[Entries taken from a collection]
----------------
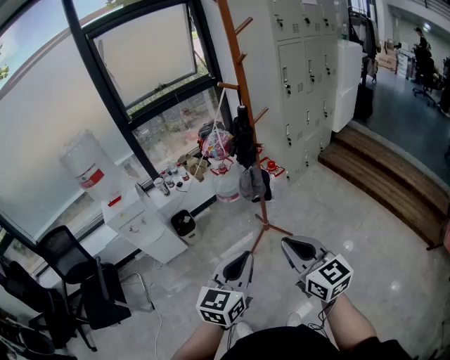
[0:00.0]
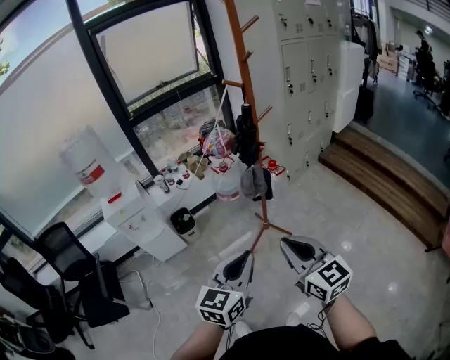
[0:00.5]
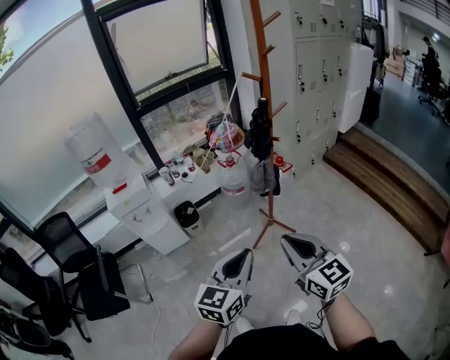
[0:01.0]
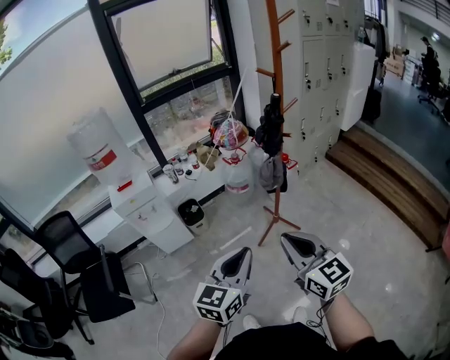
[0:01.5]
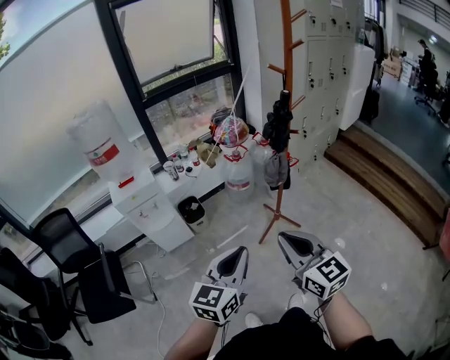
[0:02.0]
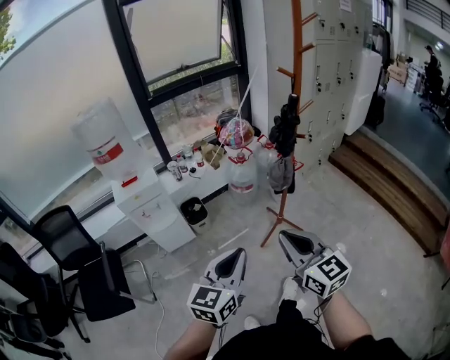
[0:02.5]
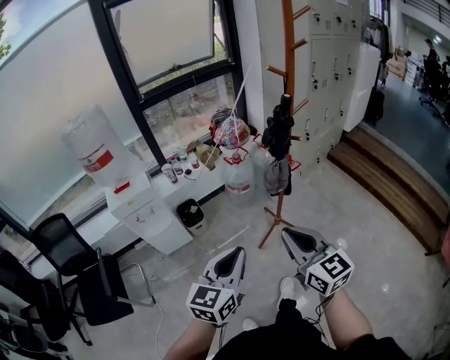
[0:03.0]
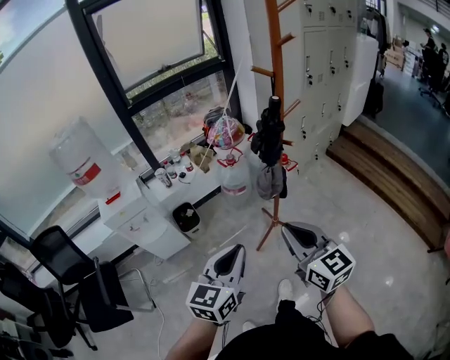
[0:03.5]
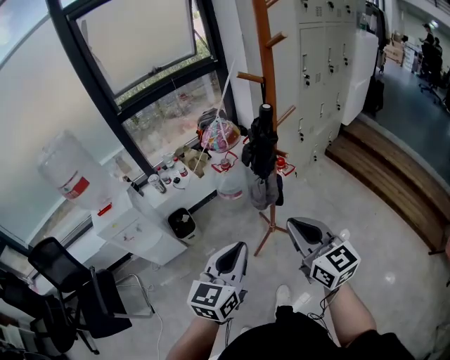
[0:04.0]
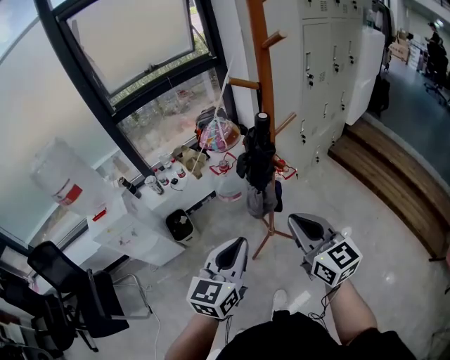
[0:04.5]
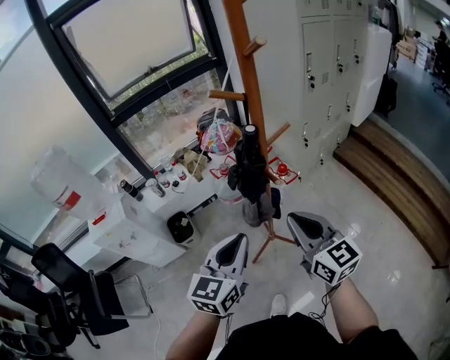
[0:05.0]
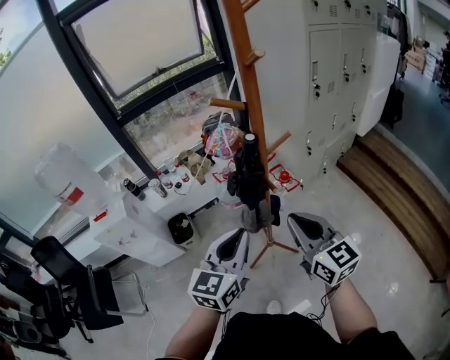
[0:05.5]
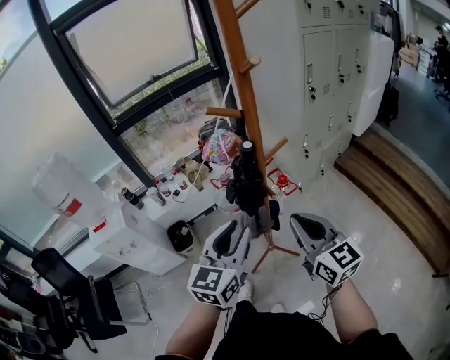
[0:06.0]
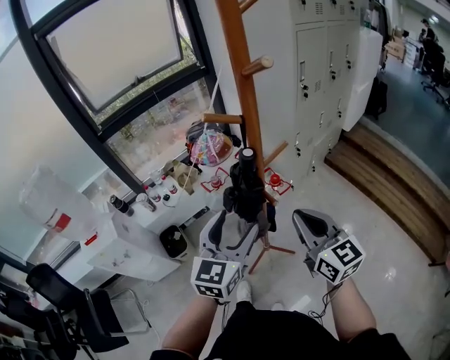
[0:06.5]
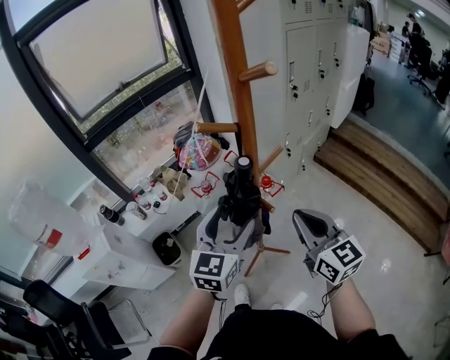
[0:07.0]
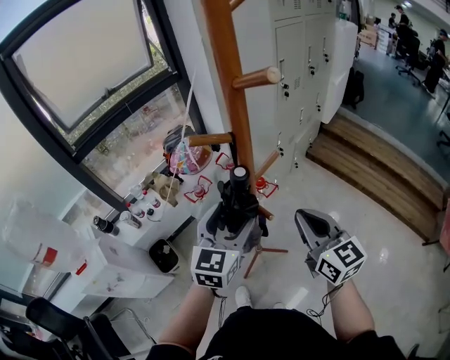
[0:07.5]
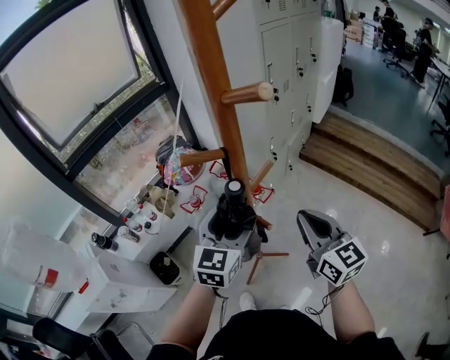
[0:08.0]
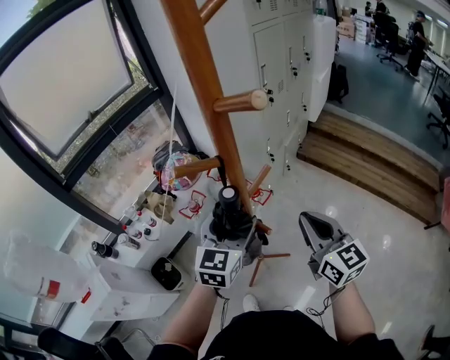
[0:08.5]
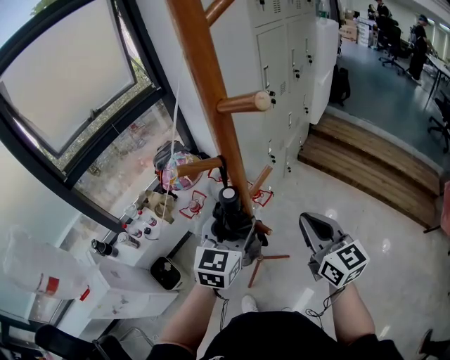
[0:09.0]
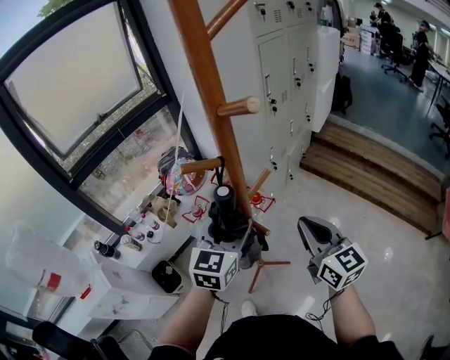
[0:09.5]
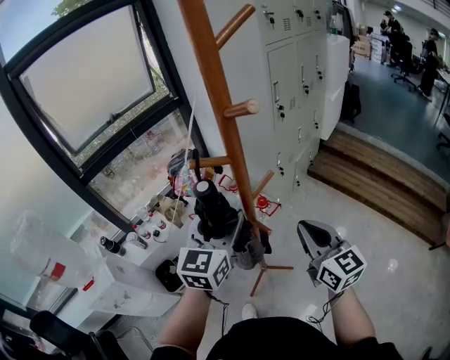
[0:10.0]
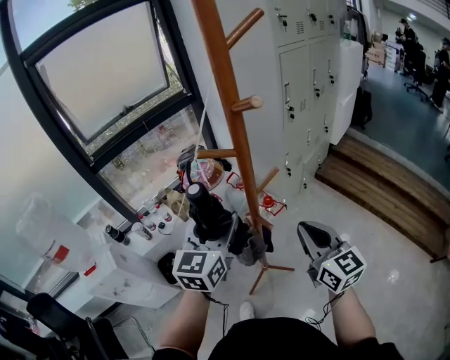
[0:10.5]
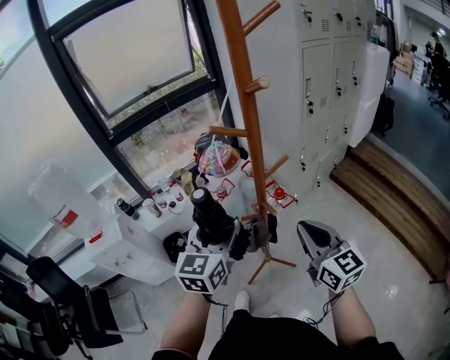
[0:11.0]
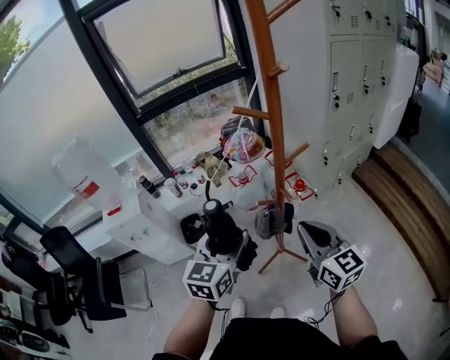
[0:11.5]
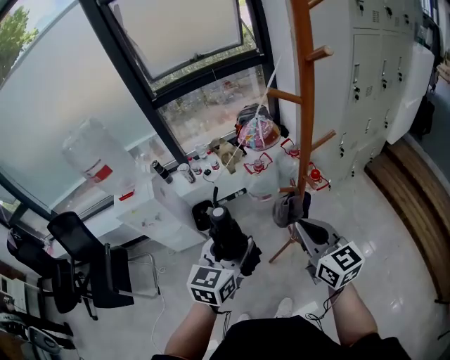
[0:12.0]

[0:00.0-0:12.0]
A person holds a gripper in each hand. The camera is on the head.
0:00.0 to 0:02.0: Both grippers travel together to the left, approximately 15 cm.
0:02.0 to 0:04.0: The two grippers go approximately 20 cm forward and to the right.
0:04.0 to 0:06.0: The grippers both shift forward and to the right by some 20 cm.
0:06.0 to 0:08.0: The right gripper goes roughly 10 cm forward, and swivels approximately 20 degrees; the left gripper travels forward by about 15 cm, and opens up.
0:08.0 to 0:10.0: The left gripper goes roughly 10 cm upward.
0:10.0 to 0:12.0: The left gripper is displaced backward, to the left and downward by about 25 cm, and changes its angle by roughly 30 degrees, while the right gripper heads to the left and backward, covering approximately 15 cm, and turns by some 30 degrees.
----------------
• **Task objective**: Only an exact copy of the lines from the top of the entries through the line with "[0:00.0-0:12.0]", both included, should be given, with all pictures omitted.

• **Answer for this exercise**:
[0:00.0]
[0:00.5]
[0:01.0]
[0:01.5]
[0:02.0]
[0:02.5]
[0:03.0]
[0:03.5]
[0:04.0]
[0:04.5]
[0:05.0]
[0:05.5]
[0:06.0]
[0:06.5]
[0:07.0]
[0:07.5]
[0:08.0]
[0:08.5]
[0:09.0]
[0:09.5]
[0:10.0]
[0:10.5]
[0:11.0]
[0:11.5]
[0:12.0]

[0:00.0-0:12.0]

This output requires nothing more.